Eastern Cape Proevippa wolf spider

Scientific classification
- Kingdom: Animalia
- Phylum: Arthropoda
- Subphylum: Chelicerata
- Class: Arachnida
- Order: Araneae
- Infraorder: Araneomorphae
- Family: Lycosidae
- Genus: Proevippa
- Species: P. dregei
- Binomial name: Proevippa dregei (Purcell, 1903)
- Synonyms: Lycosa dregei Purcell, 1903 ; Arctosa dregei Roewer, 1955 ;

= Proevippa dregei =

- Authority: (Purcell, 1903)

Species of spider

Proevippa dregei is a species of spider in the family Lycosidae. It is endemic to South Africa and is commonly known as the Eastern Cape Proevippa wolf spider.

==Distribution==

Proevippa dregei is found in South Africa. It is endemic to the Eastern Cape province, where it is recorded from several localities at altitudes ranging from 30 to 1,381 m.

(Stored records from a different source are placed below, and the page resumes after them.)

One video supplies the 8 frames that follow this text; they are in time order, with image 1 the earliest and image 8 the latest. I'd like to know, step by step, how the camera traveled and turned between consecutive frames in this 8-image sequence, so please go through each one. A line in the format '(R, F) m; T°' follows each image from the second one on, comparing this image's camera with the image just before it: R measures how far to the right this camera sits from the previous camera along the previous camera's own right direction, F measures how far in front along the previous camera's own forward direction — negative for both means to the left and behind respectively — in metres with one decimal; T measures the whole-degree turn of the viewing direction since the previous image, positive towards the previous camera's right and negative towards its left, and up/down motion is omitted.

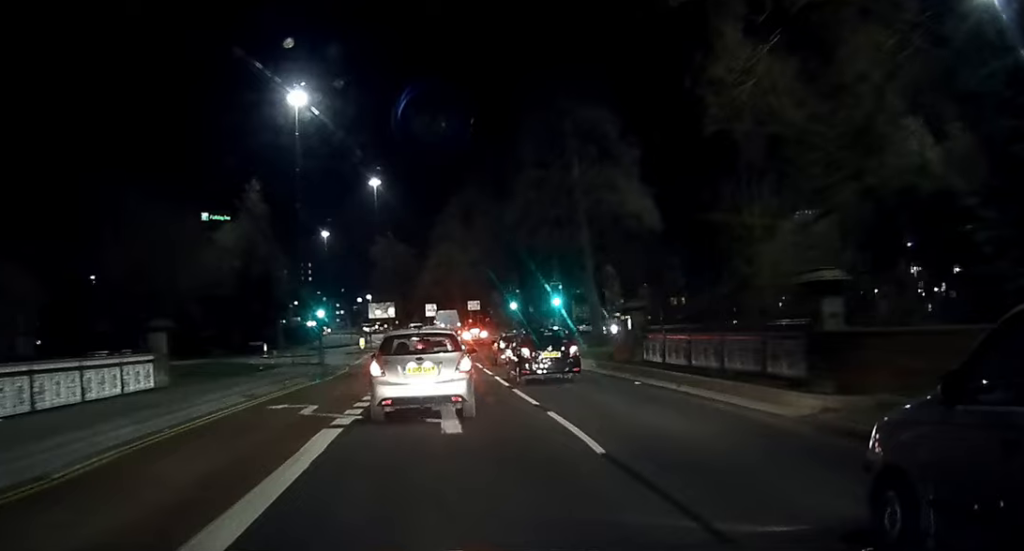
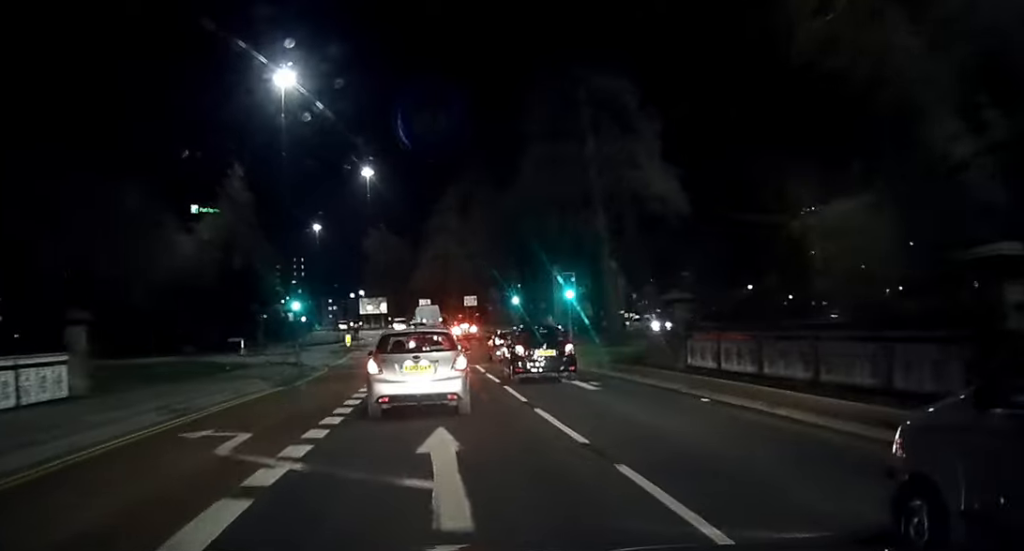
(0.0, +6.1) m; 0°
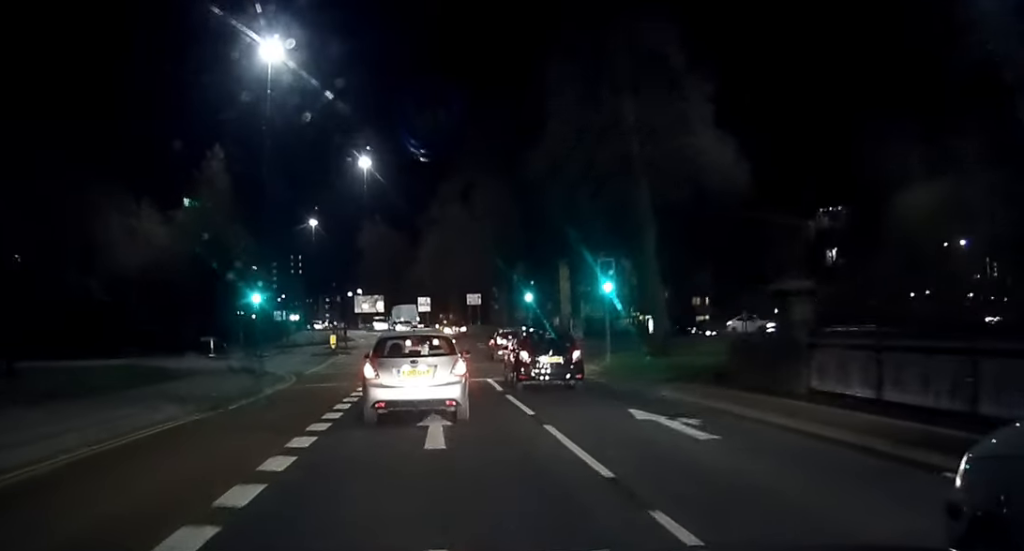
(0.0, +8.0) m; -1°
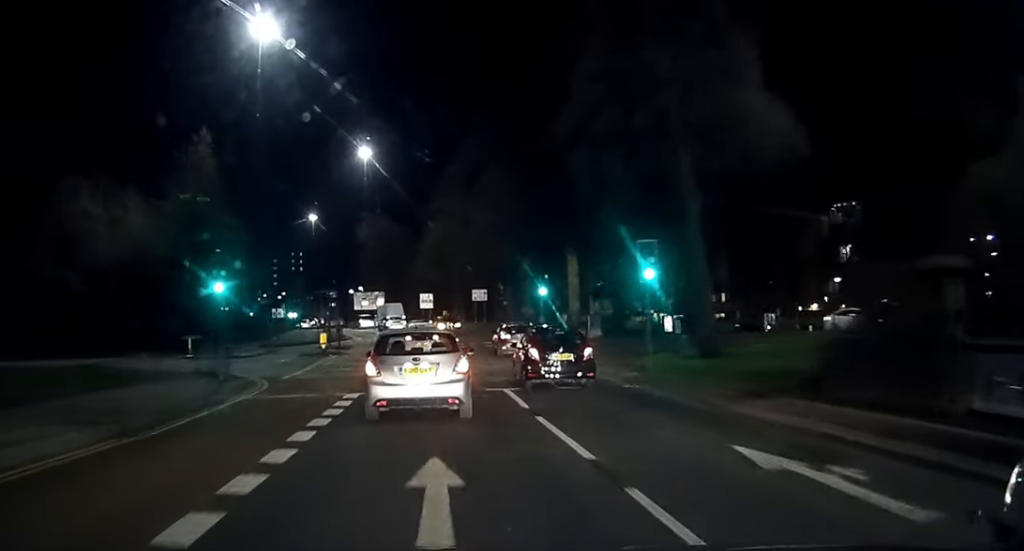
(0.0, +5.0) m; 0°
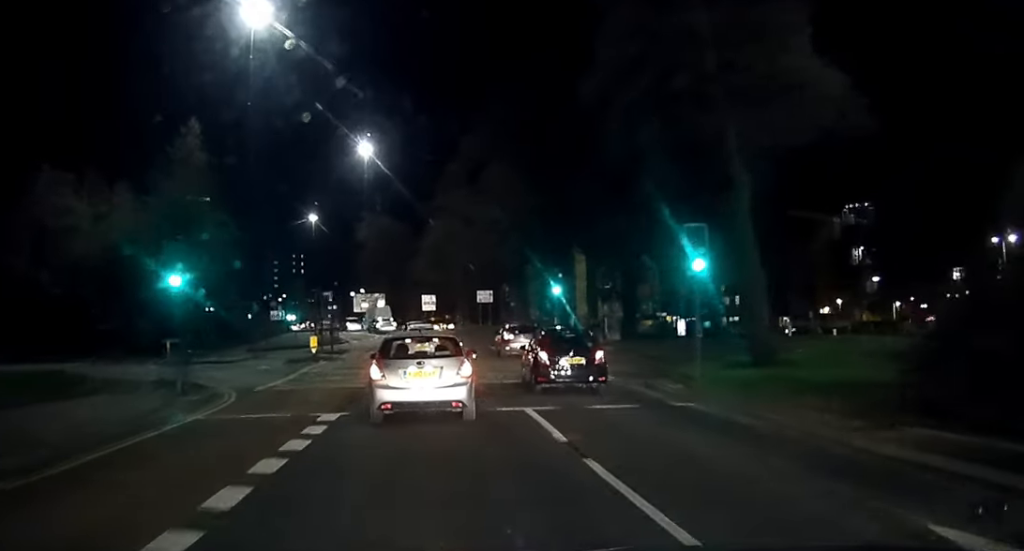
(0.0, +4.2) m; 0°
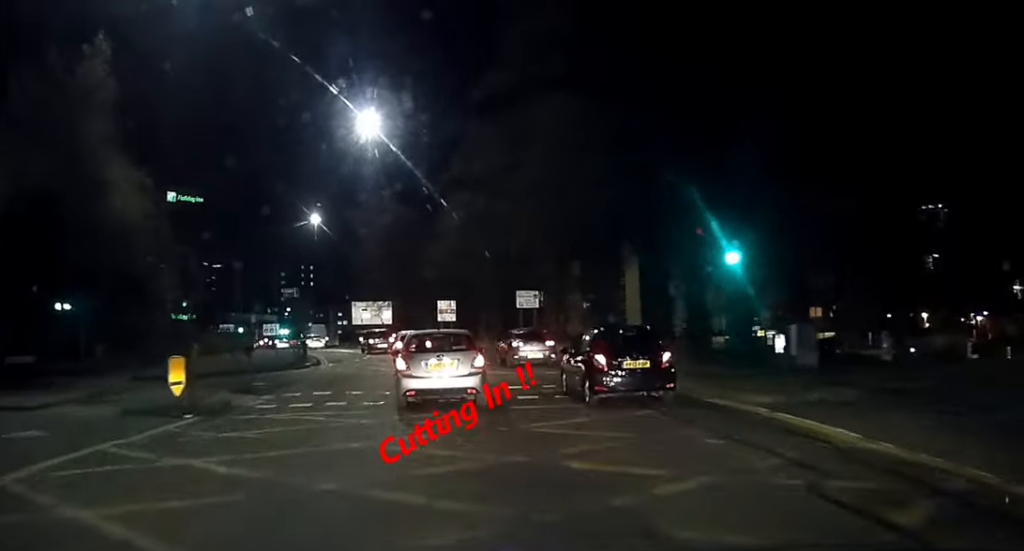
(-0.6, +22.6) m; -2°
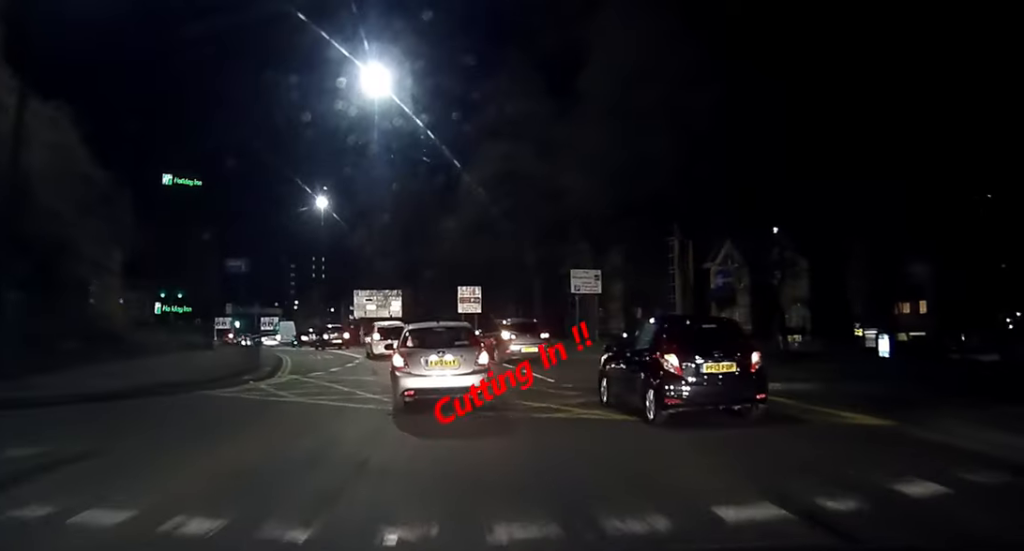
(-0.1, +14.2) m; -2°
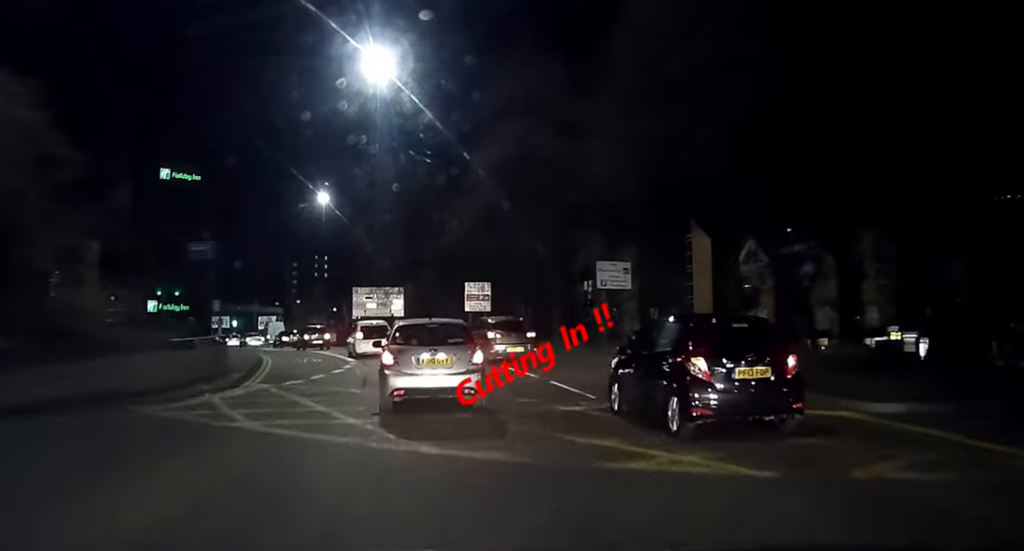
(0.0, +4.6) m; -1°

Localities include Van Stadens River, Dunbrody, East London, Graaff-Reinet, Mountain Zebra National Park, Uitenhage, Willowmore, and Jeffrey's Bay.

==Habitat and ecology==
Proevippa dregei is a free-running ground dwelling spider sampled from the Thicket biome.

==Description==

The abdomen is dark brown with a paler median V-shaped mark. It is clothed in long, sub-erect dark hairs. The underside and spinnerets are pale yellow. The total length is 10.5 mm.

==Conservation==
Proevippa dregei is listed as Least Concern by the South African National Biodiversity Institute due to its wide geographic range within the Eastern Cape. The species is threatened by loss of habitat for crop farming but is protected in Mountain Zebra National Park.

==Taxonomy==
Proevippa dregei was originally described by Purcell in 1903 as Lycosa dregei from Van Stadens River. The species was transferred to Arctosa by Roewer in 1955 and subsequently to Chaleposa by Russell-Smith in 1981, before being moved to Proevippa. It is known from both sexes.